Underlying all consideration of mature forest lands is a recognition of their beauty, and so we must include beauty as a reason for preserving mature forest lands.  Otherwise preservationists will remain focused on what beauty occasions, while failing to mention beauty itself—without which their utilitarian and biological concerns might never have been gleaned.

In his Poetics of Space, Gaston Bachelard writes, “a tree is always destined for grandeur, and, in fact, it propagates this destiny by magnifying everything that surrounds it.” 1 The spaces magnified by trees form a world that is far more beautiful and inviting than it is without them.  Because of trees, we can say, with Kierkegaard, that “a dream world glimmers in the background of the soul.” 2

The radical subjectivity of environmental philosophy, along with the incessant particularity of environmental studies and biology, has conditioned people into neglecting that old-growth forests are uniquely beautiful to almost everyone.
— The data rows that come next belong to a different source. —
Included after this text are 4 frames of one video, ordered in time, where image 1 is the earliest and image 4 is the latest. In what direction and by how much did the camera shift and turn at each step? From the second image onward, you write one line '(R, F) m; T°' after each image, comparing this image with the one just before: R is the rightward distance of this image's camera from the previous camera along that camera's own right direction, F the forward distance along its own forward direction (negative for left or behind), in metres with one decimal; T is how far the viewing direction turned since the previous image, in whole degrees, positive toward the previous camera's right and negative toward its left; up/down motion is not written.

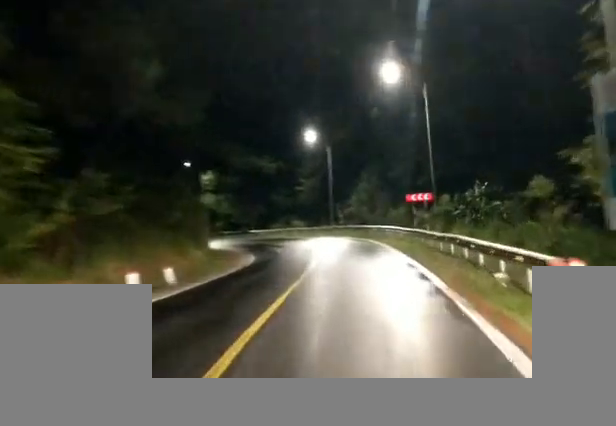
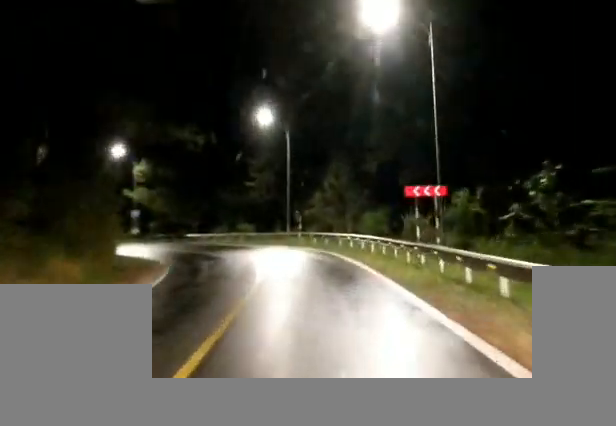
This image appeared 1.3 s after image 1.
(0.0, +13.1) m; 0°
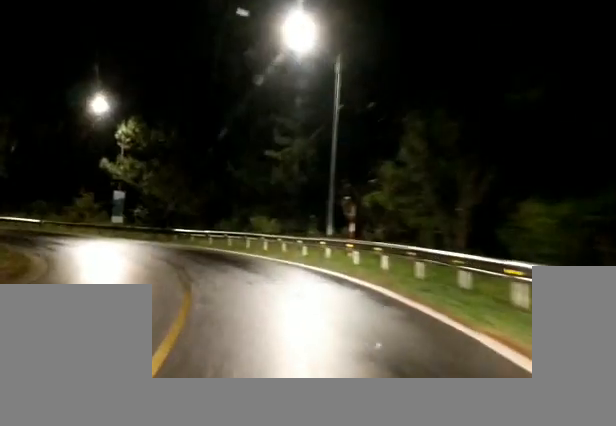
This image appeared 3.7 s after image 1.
(0.0, +22.6) m; +1°
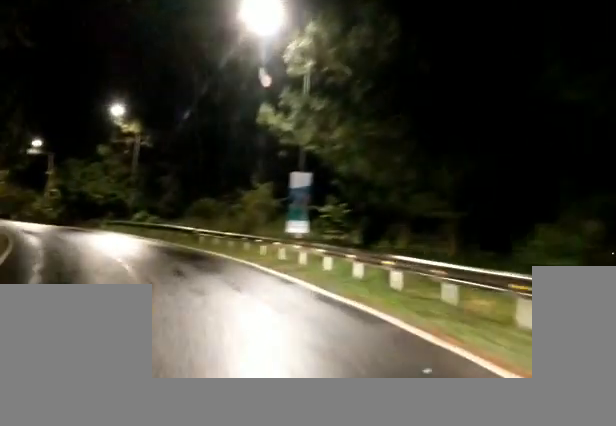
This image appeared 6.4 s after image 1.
(+0.1, +25.3) m; -12°
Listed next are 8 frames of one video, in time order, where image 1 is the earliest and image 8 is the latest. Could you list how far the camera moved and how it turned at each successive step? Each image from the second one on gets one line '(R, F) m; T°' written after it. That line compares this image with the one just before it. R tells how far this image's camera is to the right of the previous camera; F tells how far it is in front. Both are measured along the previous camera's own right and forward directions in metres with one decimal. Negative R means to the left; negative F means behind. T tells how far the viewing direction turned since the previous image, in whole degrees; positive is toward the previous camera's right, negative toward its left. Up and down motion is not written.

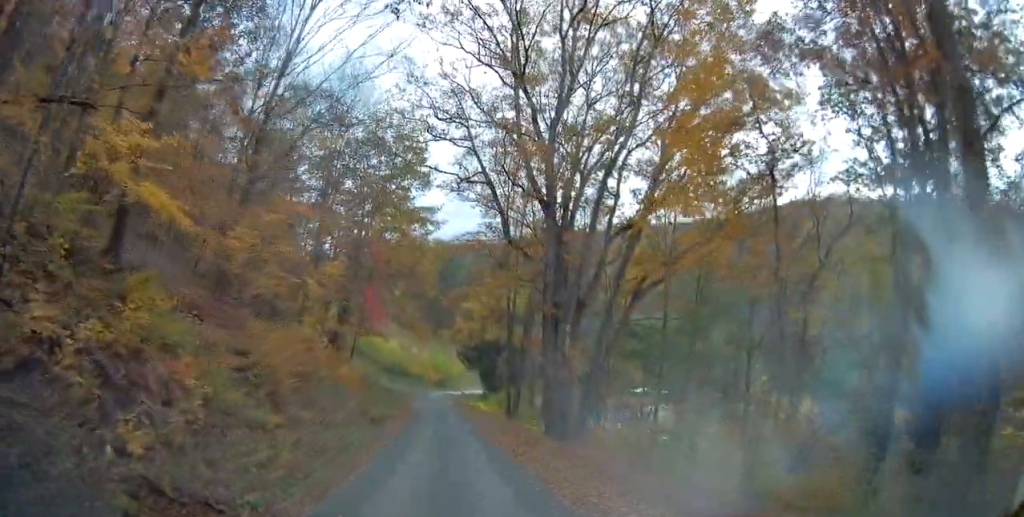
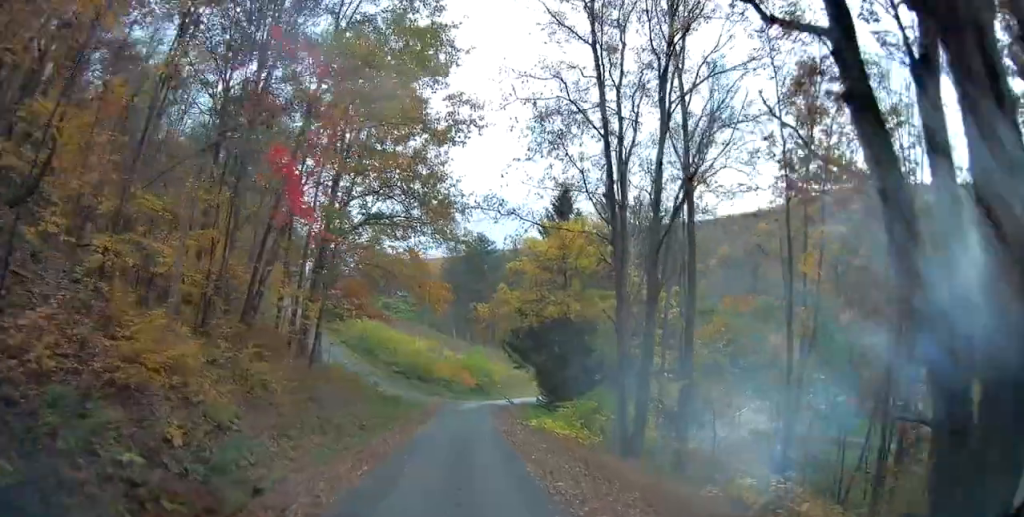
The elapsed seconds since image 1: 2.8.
(+0.8, +22.2) m; +1°
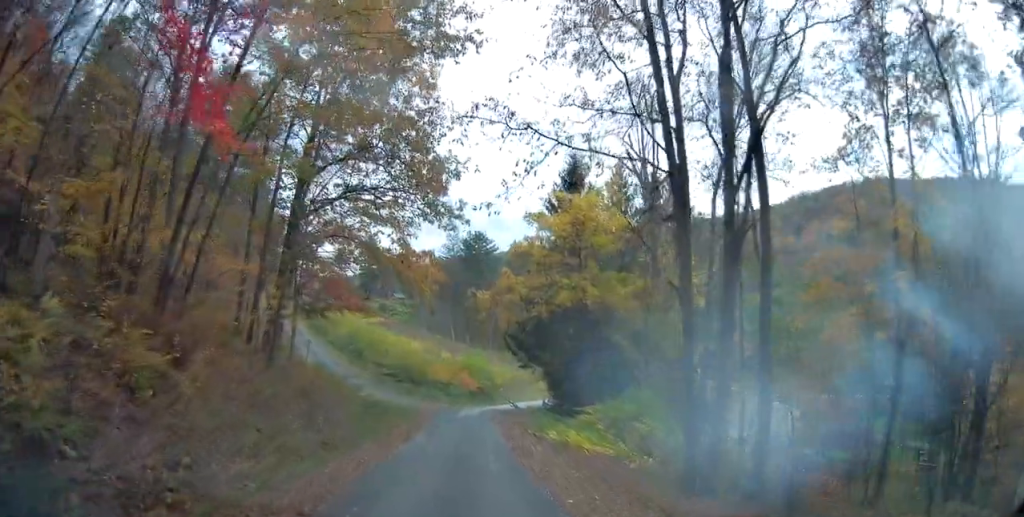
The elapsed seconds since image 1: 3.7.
(-0.2, +5.7) m; -2°
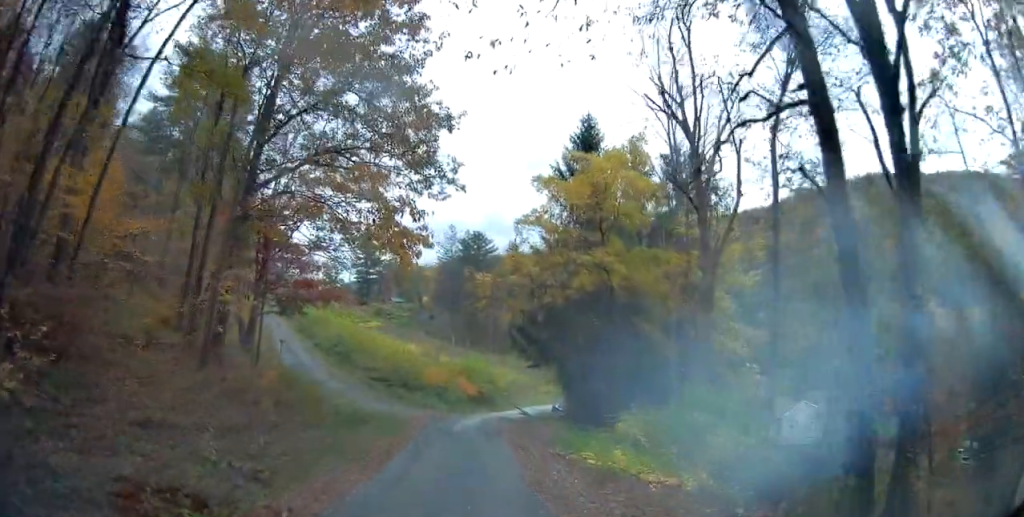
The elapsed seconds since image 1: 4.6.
(-0.1, +5.7) m; 0°
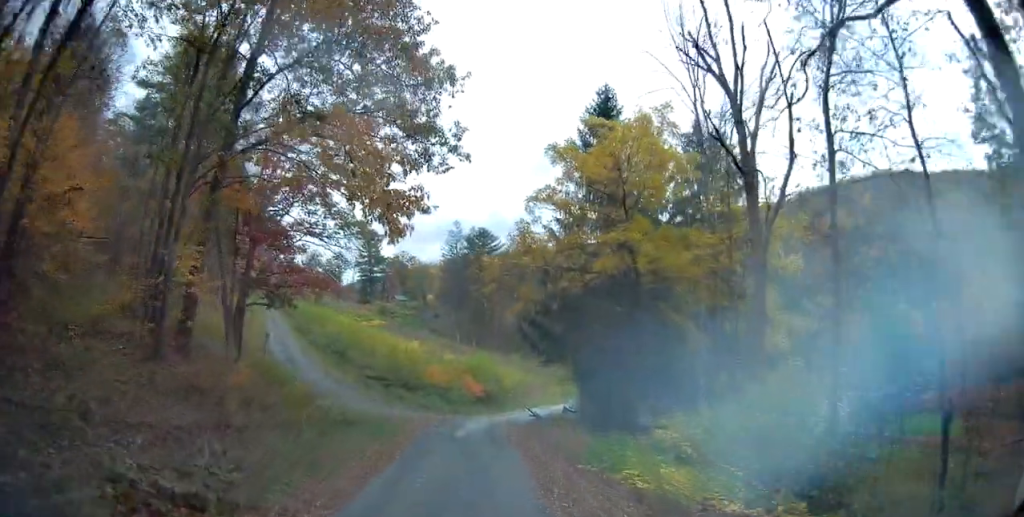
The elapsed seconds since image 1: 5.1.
(+0.2, +3.3) m; 0°
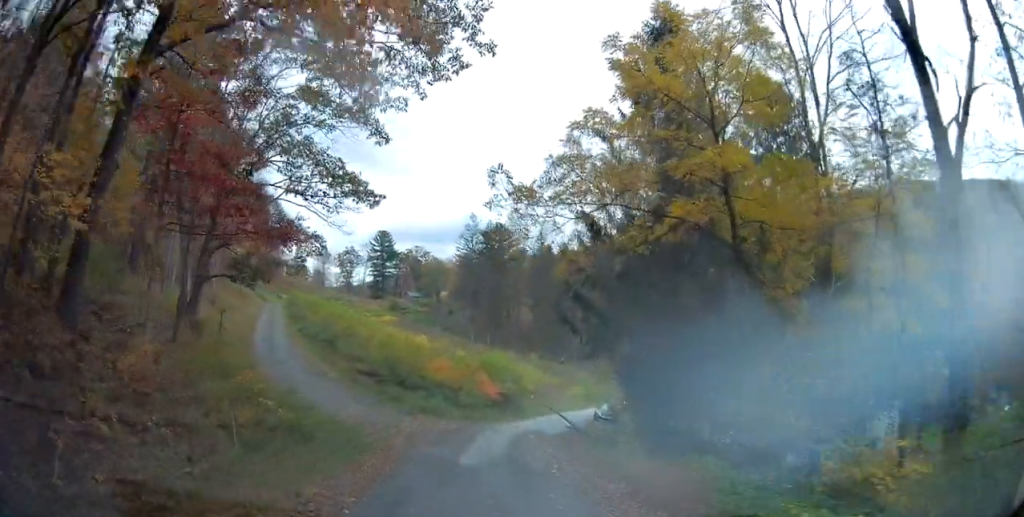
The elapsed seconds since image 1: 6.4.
(-0.4, +7.6) m; -3°
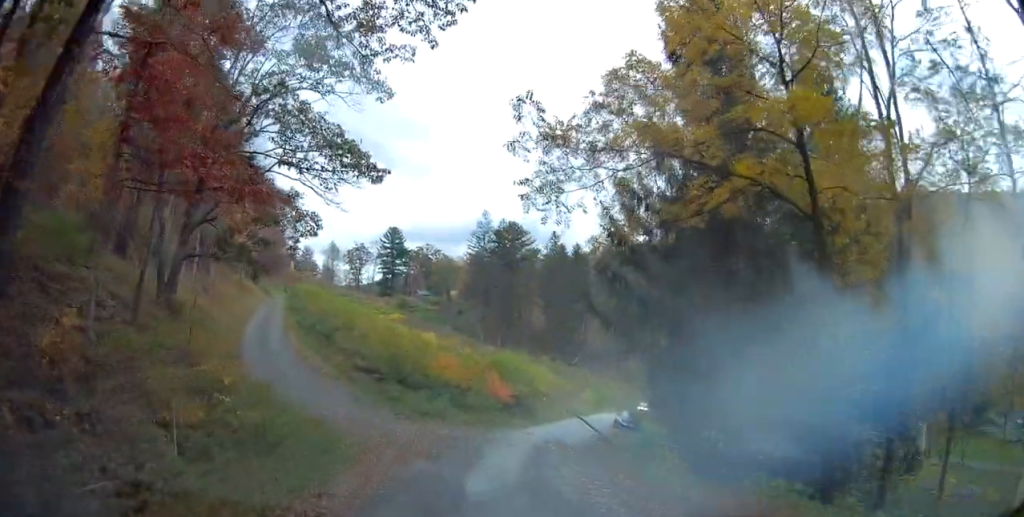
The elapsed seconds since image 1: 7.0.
(+0.1, +3.4) m; +1°
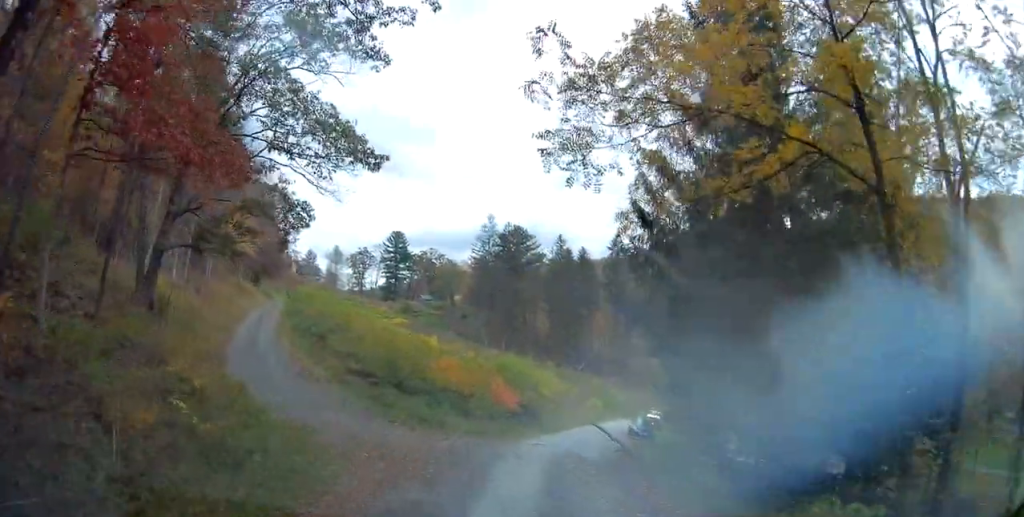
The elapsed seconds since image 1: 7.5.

If people do not take action based on this more "objective" reality, subjective discussion of old-growth forests will cease to exist. Thinkers in general will be left to contemplate a memory of beauty.

With a lifetime of experience preserving forests---including a study wherein nearly four hundred people of various ages and backgrounds confirmed greater beauty among mature trees compared to younger 3---Joan Maloof recently started the Old Growth Forest Network: a project designed to save at least one old-growth forest per State. 4

On such activism, people must focus their efforts---as opposed to strictly "whimsical" writing on landscape beauty, or calculating only exact pollution.

We must ensure that beauty stays recognizable.

(Will Pomeroy lives in NYC).

Notes
1 Gaston Bachelard, The Poetics of Space (Boston: Beacon Press, 1994), 201.
2 Soren Kierkegaard, Repetition (Princeton: Princeton University Press, 1983), 152.
3 Joan Maloof, ‘Measuring the Beauty of Forests’, International Journal of Environmental Studies, 67, 3 (2010): pp. 431 – 437.